> [What is being asked]: Starting at the line that contains "IGES file: header", quote each line exactly through the last line of the entries, both included.
** Records shown follows **
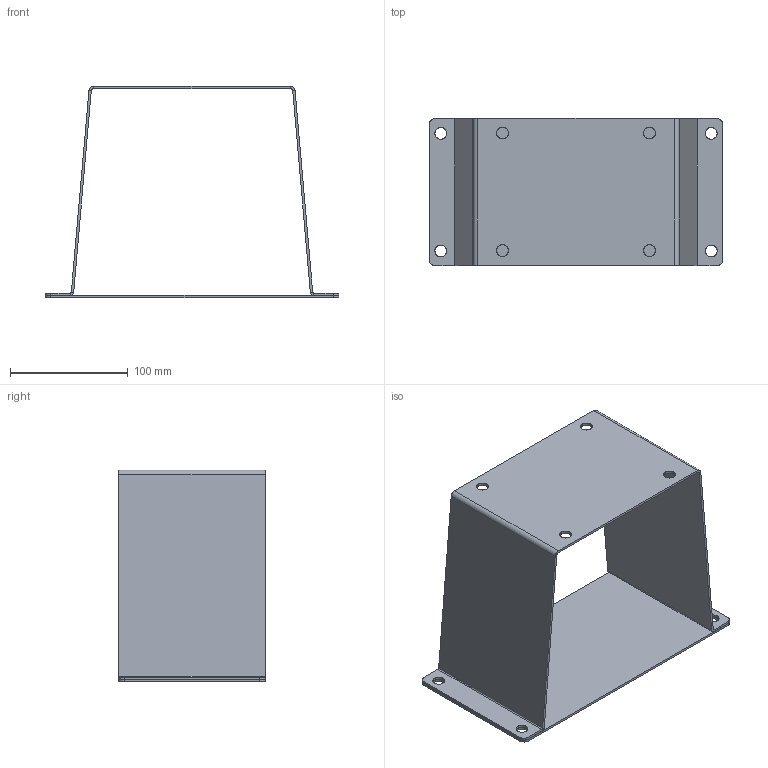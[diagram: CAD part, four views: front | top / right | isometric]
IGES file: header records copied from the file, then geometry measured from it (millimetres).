
Start section: SolidWorks IGES file using analytic representation for surfaces
Global section: file name: 1SE6006_Motor Support DIC 160-180.IGS; native system: SolidWorks 2018; preprocessor: SolidWorks 2018; author: binatti; date: 220309.103820; units: millimetre
Bounding box: 250.01 x 125 x 179.99 mm (x, y, z)
Surface area: 207787.1 mm2 (no closed solid volume)
Topology: 0 solids, 0 shells, 76 faces, 1296 edges, 1296 vertices
Faces by surface type: revolution 40, bspline 36
** End of Records shown **
> [Response to the task]:
IGES file: header records copied from the file, then geometry measured from it (millimetres).
Start section: SolidWorks IGES file using analytic representation for surfaces
Global section: file name: 1SE6006_Motor Support DIC 160-180.IGS; native system: SolidWorks 2018; preprocessor: SolidWorks 2018; author: binatti; date: 220309.103820; units: millimetre
Bounding box: 250.01 x 125 x 179.99 mm (x, y, z)
Surface area: 207787.1 mm2 (no closed solid volume)
Topology: 0 solids, 0 shells, 76 faces, 1296 edges, 1296 vertices
Faces by surface type: revolution 40, bspline 36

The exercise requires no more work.